§ GOAL OF THE EXERCISE: Each line below must be set down exactly; omit any image you find.

====== INFORMATION PROVIDED ======

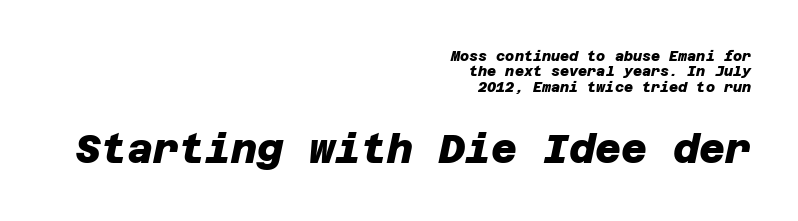
Larger block? The one below; the one above is distinctly smaller. Notice how descenders almost collide with the ascenders below — that's tight leading. The horizontal fit of the characters is conventional and even. Caption: bold face, heavy strokes. This rendering employs a face without finishing strokes, i.e., a sans-serif.
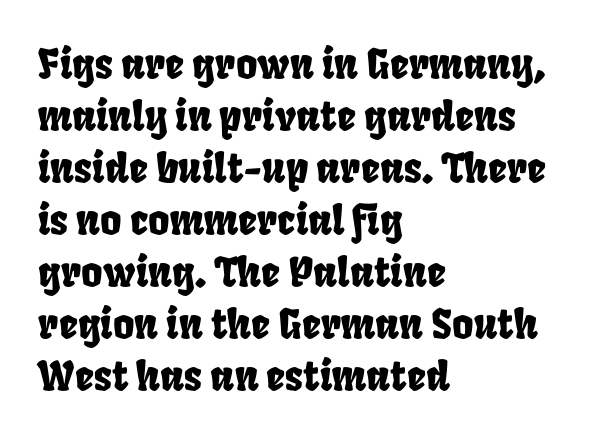
Q: Is the text underlined? A: No.
Q: How is the paragraph aligned? A: Left-aligned.
Q: Is the spacing between letters normal or unusually wide? A: Normal.
Q: Is the spacing between lines tight, normal or loose? A: Normal.
Q: Width (condensed, normal, or wide)? A: Condensed.
Q: Stroke contrast? A: Low.
Q: x-height? A: Large.
Q: Monospaced? A: No.
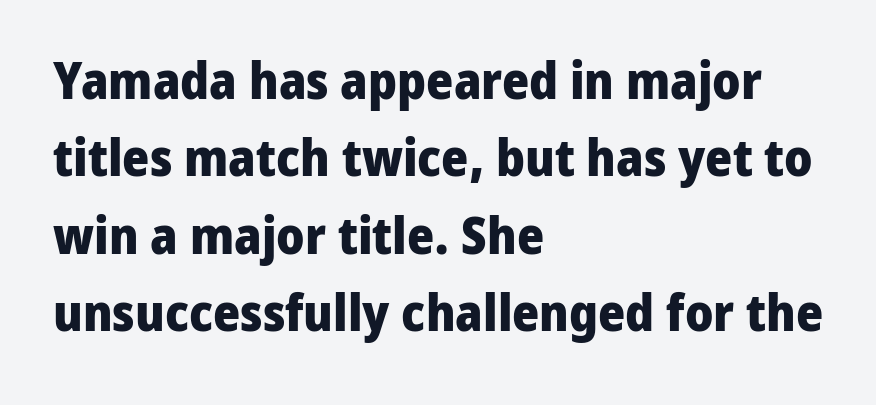
Q: Is the text bold? A: Yes.
Q: Is the text italic (slanted)? A: No, it is upright.
Q: Is the typeface a serif or a sans-serif typeface? A: Sans-serif.
Q: Is the text underlined? A: No.
Q: How is the paragraph aligned? A: Left-aligned.
Q: Is the spacing between letters normal or unusually wide? A: Normal.
Q: Is the spacing between lines tight, normal or loose? A: Normal.
Q: Width (condensed, normal, or wide)? A: Normal.
Q: Stroke contrast? A: Low.
Q: x-height? A: Medium.
Q: Monospaced? A: No.
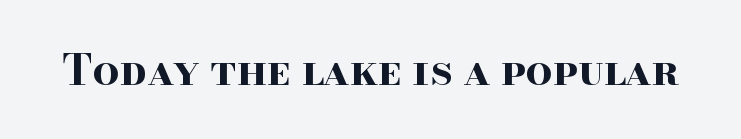
Q: Is the text bold? A: Yes.
Q: Is the text italic (slanted)? A: No, it is upright.
Q: Is the typeface a serif or a sans-serif typeface? A: Serif.
Q: Is the text underlined? A: No.
Q: Is the spacing between letters normal or unusually wide? A: Normal.
Q: Width (condensed, normal, or wide)? A: Wide.
Q: Stroke contrast? A: High.
Q: x-height? A: Small.
Q: Monospaced? A: No.
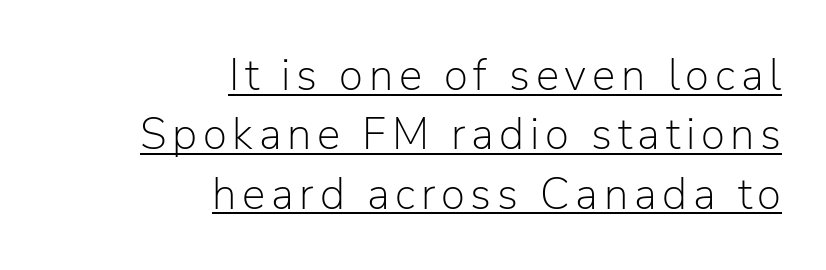
Q: Is the text bold? A: No.
Q: Is the text italic (slanted)? A: No, it is upright.
Q: Is the typeface a serif or a sans-serif typeface? A: Sans-serif.
Q: Is the text underlined? A: Yes.
Q: How is the paragraph aligned? A: Right-aligned.
Q: Is the spacing between lines tight, normal or loose? A: Normal.
Q: Width (condensed, normal, or wide)? A: Normal.
Q: Stroke contrast? A: Low.
Q: x-height? A: Medium.
Q: Monospaced? A: No.
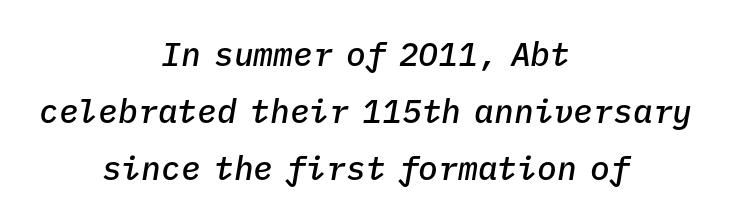
The image shows 33 px semibold type, italic (leaning right), monospaced; set centered, line spacing 1.73x, normal letter spacing, not underlined; low stroke contrast and a medium x-height.

======

§ RESULT FOR THIS EXERCISE:
Larger block? The one below; the one above is distinctly smaller. Notice how descenders almost collide with the ascenders below — that's tight leading. The horizontal fit of the characters is conventional and even. Caption: bold face, heavy strokes. This rendering employs a face without finishing strokes, i.e., a sans-serif.
Q: Is the text underlined? A: No.
Q: How is the paragraph aligned? A: Left-aligned.
Q: Is the spacing between letters normal or unusually wide? A: Normal.
Q: Is the spacing between lines tight, normal or loose? A: Normal.
Q: Width (condensed, normal, or wide)? A: Condensed.
Q: Stroke contrast? A: Low.
Q: x-height? A: Large.
Q: Monospaced? A: No.
Q: Is the text bold? A: Yes.
Q: Is the text italic (slanted)? A: No, it is upright.
Q: Is the typeface a serif or a sans-serif typeface? A: Sans-serif.
Q: Is the text underlined? A: No.
Q: How is the paragraph aligned? A: Left-aligned.
Q: Is the spacing between letters normal or unusually wide? A: Normal.
Q: Is the spacing between lines tight, normal or loose? A: Normal.
Q: Width (condensed, normal, or wide)? A: Normal.
Q: Stroke contrast? A: Low.
Q: x-height? A: Medium.
Q: Monospaced? A: No.
Q: Is the text bold? A: Yes.
Q: Is the text italic (slanted)? A: No, it is upright.
Q: Is the typeface a serif or a sans-serif typeface? A: Serif.
Q: Is the text underlined? A: No.
Q: Is the spacing between letters normal or unusually wide? A: Normal.
Q: Width (condensed, normal, or wide)? A: Wide.
Q: Stroke contrast? A: High.
Q: x-height? A: Small.
Q: Monospaced? A: No.
Q: Is the text bold? A: No.
Q: Is the text italic (slanted)? A: No, it is upright.
Q: Is the typeface a serif or a sans-serif typeface? A: Sans-serif.
Q: Is the text underlined? A: Yes.
Q: How is the paragraph aligned? A: Right-aligned.
Q: Is the spacing between lines tight, normal or loose? A: Normal.
Q: Width (condensed, normal, or wide)? A: Normal.
Q: Stroke contrast? A: Low.
Q: x-height? A: Medium.
Q: Monospaced? A: No.
The image shows 33 px semibold type, italic (leaning right), monospaced; set centered, line spacing 1.73x, normal letter spacing, not underlined; low stroke contrast and a medium x-height.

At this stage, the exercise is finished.